- Required action: Scan the entries for "only". Every line that holds it is to be copied.

- Source material:

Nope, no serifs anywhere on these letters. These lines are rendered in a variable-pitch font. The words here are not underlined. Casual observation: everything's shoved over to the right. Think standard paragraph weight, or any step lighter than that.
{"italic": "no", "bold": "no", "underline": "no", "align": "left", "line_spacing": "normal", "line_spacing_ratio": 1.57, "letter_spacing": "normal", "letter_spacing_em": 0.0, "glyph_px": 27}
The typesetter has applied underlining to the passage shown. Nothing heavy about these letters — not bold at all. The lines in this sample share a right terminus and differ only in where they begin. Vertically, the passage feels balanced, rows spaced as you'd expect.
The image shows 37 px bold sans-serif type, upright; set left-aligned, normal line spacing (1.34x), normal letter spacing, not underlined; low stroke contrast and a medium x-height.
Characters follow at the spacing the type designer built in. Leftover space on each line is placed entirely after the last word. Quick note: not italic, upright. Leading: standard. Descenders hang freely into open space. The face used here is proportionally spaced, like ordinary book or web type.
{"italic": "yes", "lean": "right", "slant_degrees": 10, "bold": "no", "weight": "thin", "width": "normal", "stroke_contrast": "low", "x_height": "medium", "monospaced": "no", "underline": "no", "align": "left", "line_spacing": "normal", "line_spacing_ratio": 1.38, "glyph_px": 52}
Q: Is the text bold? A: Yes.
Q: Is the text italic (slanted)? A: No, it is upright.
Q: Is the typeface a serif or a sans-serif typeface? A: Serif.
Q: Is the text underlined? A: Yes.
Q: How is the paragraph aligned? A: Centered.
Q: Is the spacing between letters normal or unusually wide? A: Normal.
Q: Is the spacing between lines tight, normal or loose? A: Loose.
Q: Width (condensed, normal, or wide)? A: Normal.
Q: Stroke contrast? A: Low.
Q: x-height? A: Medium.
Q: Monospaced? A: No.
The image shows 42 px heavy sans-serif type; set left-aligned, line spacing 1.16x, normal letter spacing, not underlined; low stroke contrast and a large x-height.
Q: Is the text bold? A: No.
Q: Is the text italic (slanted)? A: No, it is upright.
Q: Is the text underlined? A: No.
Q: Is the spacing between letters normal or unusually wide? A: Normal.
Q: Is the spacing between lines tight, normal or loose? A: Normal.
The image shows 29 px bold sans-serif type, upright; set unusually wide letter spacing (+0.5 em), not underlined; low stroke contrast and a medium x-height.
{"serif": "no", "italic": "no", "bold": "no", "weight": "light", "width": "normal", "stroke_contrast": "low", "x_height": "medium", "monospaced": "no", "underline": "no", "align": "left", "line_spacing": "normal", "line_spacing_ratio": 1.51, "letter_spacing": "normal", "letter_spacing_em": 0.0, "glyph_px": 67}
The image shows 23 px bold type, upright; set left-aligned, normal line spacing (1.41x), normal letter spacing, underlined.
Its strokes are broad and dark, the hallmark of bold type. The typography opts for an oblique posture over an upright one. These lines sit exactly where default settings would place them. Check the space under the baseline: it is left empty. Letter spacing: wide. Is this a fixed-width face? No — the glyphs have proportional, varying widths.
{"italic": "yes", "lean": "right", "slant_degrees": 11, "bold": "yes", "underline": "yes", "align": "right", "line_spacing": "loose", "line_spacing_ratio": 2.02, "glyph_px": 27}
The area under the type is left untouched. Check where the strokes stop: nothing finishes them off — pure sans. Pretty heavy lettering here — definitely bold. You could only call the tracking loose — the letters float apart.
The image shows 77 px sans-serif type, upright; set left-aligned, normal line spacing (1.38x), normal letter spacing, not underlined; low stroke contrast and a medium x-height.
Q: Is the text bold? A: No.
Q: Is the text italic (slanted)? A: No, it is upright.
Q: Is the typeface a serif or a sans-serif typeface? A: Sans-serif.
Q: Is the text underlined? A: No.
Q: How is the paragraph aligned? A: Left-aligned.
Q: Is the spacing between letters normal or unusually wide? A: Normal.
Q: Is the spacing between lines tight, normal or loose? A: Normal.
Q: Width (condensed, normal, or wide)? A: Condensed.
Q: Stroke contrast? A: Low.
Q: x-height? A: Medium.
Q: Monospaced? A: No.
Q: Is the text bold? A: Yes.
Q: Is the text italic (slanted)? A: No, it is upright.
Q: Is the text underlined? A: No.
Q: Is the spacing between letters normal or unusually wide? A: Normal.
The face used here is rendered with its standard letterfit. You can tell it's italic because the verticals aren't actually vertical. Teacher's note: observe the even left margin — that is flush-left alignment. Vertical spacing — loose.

- Result below:
The typesetter has applied underlining to the passage shown. Nothing heavy about these letters — not bold at all. The lines in this sample share a right terminus and differ only in where they begin. Vertically, the passage feels balanced, rows spaced as you'd expect.
The area under the type is left untouched. Check where the strokes stop: nothing finishes them off — pure sans. Pretty heavy lettering here — definitely bold. You could only call the tracking loose — the letters float apart.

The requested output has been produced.